• What you are asked to do
Copy the lines below as they are; omit the images they contain.

• Entries supplied
^^^^

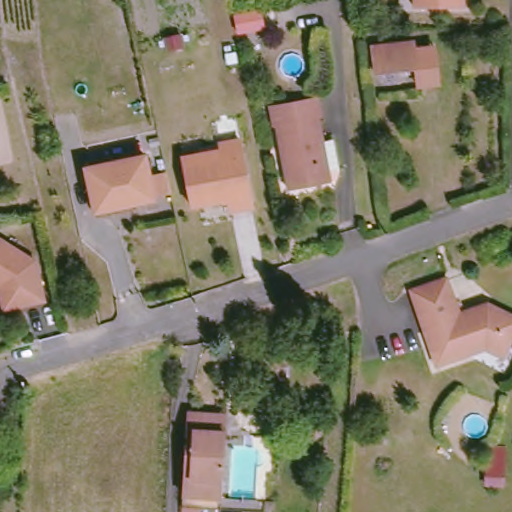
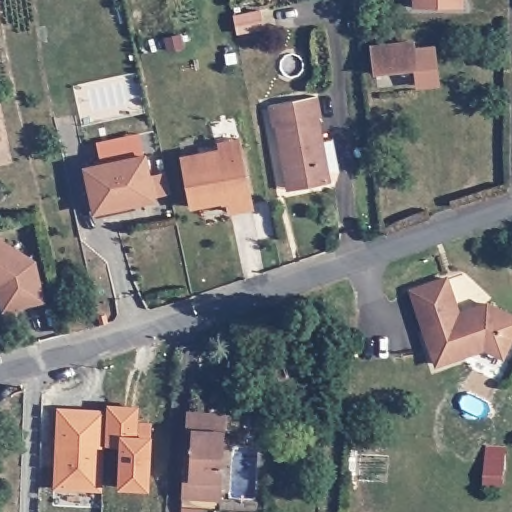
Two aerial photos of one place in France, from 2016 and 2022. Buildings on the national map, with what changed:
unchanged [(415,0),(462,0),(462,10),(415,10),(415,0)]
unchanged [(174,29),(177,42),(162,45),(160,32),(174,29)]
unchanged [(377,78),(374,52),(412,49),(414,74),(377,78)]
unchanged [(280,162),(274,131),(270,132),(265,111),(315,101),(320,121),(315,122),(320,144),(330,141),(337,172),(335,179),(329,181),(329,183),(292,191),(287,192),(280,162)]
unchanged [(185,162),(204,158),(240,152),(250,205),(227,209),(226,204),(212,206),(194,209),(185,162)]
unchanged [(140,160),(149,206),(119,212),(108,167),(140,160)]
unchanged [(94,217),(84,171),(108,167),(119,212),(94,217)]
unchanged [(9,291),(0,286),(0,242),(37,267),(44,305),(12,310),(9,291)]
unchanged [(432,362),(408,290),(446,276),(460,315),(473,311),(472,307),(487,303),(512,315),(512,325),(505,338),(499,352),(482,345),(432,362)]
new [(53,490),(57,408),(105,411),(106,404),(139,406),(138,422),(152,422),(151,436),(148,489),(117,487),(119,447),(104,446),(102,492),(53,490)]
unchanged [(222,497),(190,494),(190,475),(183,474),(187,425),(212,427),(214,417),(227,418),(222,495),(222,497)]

^^^^

• Result
Two aerial photos of one place in France, from 2016 and 2022. Buildings on the national map, with what changed:
unchanged [(415,0),(462,0),(462,10),(415,10),(415,0)]
unchanged [(174,29),(177,42),(162,45),(160,32),(174,29)]
unchanged [(377,78),(374,52),(412,49),(414,74),(377,78)]
unchanged [(280,162),(274,131),(270,132),(265,111),(315,101),(320,121),(315,122),(320,144),(330,141),(337,172),(335,179),(329,181),(329,183),(292,191),(287,192),(280,162)]
unchanged [(185,162),(204,158),(240,152),(250,205),(227,209),(226,204),(212,206),(194,209),(185,162)]
unchanged [(140,160),(149,206),(119,212),(108,167),(140,160)]
unchanged [(94,217),(84,171),(108,167),(119,212),(94,217)]
unchanged [(9,291),(0,286),(0,242),(37,267),(44,305),(12,310),(9,291)]
unchanged [(432,362),(408,290),(446,276),(460,315),(473,311),(472,307),(487,303),(512,315),(512,325),(505,338),(499,352),(482,345),(432,362)]
new [(53,490),(57,408),(105,411),(106,404),(139,406),(138,422),(152,422),(151,436),(148,489),(117,487),(119,447),(104,446),(102,492),(53,490)]
unchanged [(222,497),(190,494),(190,475),(183,474),(187,425),(212,427),(214,417),(227,418),(222,495),(222,497)]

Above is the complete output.